*The problem*
Repeat only part of the entries. Start at the line that has "#1059=EDGE_LOOP('',(#1060,#1061,#1062,#1063)) ;" and keep going through the last line, exactly as given.

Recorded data
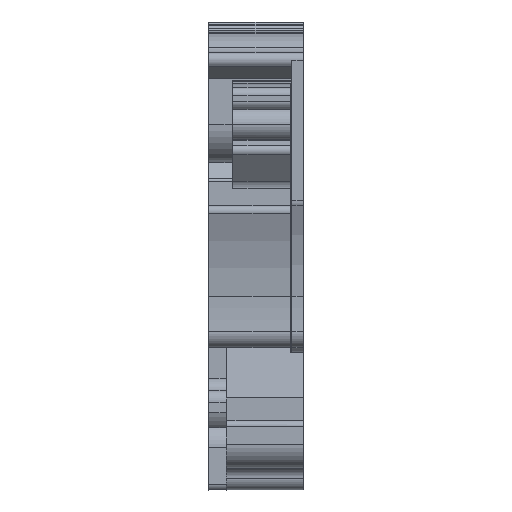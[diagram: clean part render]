
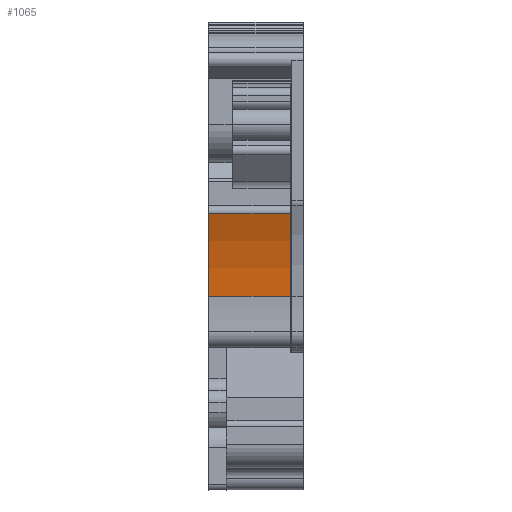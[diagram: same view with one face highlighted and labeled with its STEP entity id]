
A CAD part, front view. The second image highlights one B-rep face of the part: STEP entity #1065.
In plain terms, the highlighted cylindrical face has radius 20 mm (diameter 40 mm), a partial arc.
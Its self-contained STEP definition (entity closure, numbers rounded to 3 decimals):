
#1029=AXIS2_PLACEMENT_3D('Cylinder Axis2P3D',#1026,#1027,#1028) ;
#1033=AXIS2_PLACEMENT_3D('Circle Axis2P3D',#1031,#1032,$) ;
#1049=AXIS2_PLACEMENT_3D('Circle Axis2P3D',#1047,#1048,$) ;
#1026=CARTESIAN_POINT('Axis2P3D Location',(4.,-18.005,15.64)) ;
#1031=CARTESIAN_POINT('Axis2P3D Location',(6.9,-18.005,15.64)) ;
#1035=CARTESIAN_POINT('Vertex',(6.9,1.984,16.3)) ;
#1037=CARTESIAN_POINT('Vertex',(6.9,0.482,23.271)) ;
#1040=CARTESIAN_POINT('Line Origine',(4.,0.482,23.271)) ;
#1044=CARTESIAN_POINT('Vertex',(0.,0.482,23.271)) ;
#1047=CARTESIAN_POINT('Axis2P3D Location',(0.,-18.005,15.64)) ;
#1051=CARTESIAN_POINT('Vertex',(0.,1.984,16.3)) ;
#1054=CARTESIAN_POINT('Line Origine',(4.,1.984,16.3)) ;
#1027=DIRECTION('Axis2P3D Direction',(1.,-0.,0.)) ;
#1028=DIRECTION('Axis2P3D XDirection',(0.,0.999,0.033)) ;
#1032=DIRECTION('Axis2P3D Direction',(1.,-0.,0.)) ;
#1041=DIRECTION('Vector Direction',(1.,0.,0.)) ;
#1048=DIRECTION('Axis2P3D Direction',(1.,-0.,0.)) ;
#1055=DIRECTION('Vector Direction',(1.,0.,0.)) ;
#1042=VECTOR('Line Direction',#1041,1.) ;
#1056=VECTOR('Line Direction',#1055,1.) ;
#1060=ORIENTED_EDGE('',*,*,#1039,.T.) ;
#1061=ORIENTED_EDGE('',*,*,#1046,.F.) ;
#1062=ORIENTED_EDGE('',*,*,#1053,.T.) ;
#1063=ORIENTED_EDGE('',*,*,#1058,.T.) ;
#1065=ADVANCED_FACE('V1',(#1064),#1030,.F.) ;
#1034=CIRCLE('generated circle',#1033,20.) ;
#1050=CIRCLE('generated circle',#1049,20.) ;
#1030=CYLINDRICAL_SURFACE('generated cylinder',#1029,20.) ;
#1039=EDGE_CURVE('',#1036,#1038,#1034,.T.) ;
#1046=EDGE_CURVE('',#1045,#1038,#1043,.T.) ;
#1053=EDGE_CURVE('',#1045,#1052,#1050,.F.) ;
#1058=EDGE_CURVE('',#1052,#1036,#1057,.T.) ;
#1059=EDGE_LOOP('',(#1060,#1061,#1062,#1063)) ;
#1064=FACE_OUTER_BOUND('',#1059,.T.) ;
#1043=LINE('Line',#1040,#1042) ;
#1057=LINE('Line',#1054,#1056) ;
#1036=VERTEX_POINT('',#1035) ;
#1038=VERTEX_POINT('',#1037) ;
#1045=VERTEX_POINT('',#1044) ;
#1052=VERTEX_POINT('',#1051) ;

*Result of this task*
#1059=EDGE_LOOP('',(#1060,#1061,#1062,#1063)) ;
#1064=FACE_OUTER_BOUND('',#1059,.T.) ;
#1043=LINE('Line',#1040,#1042) ;
#1057=LINE('Line',#1054,#1056) ;
#1036=VERTEX_POINT('',#1035) ;
#1038=VERTEX_POINT('',#1037) ;
#1045=VERTEX_POINT('',#1044) ;
#1052=VERTEX_POINT('',#1051) ;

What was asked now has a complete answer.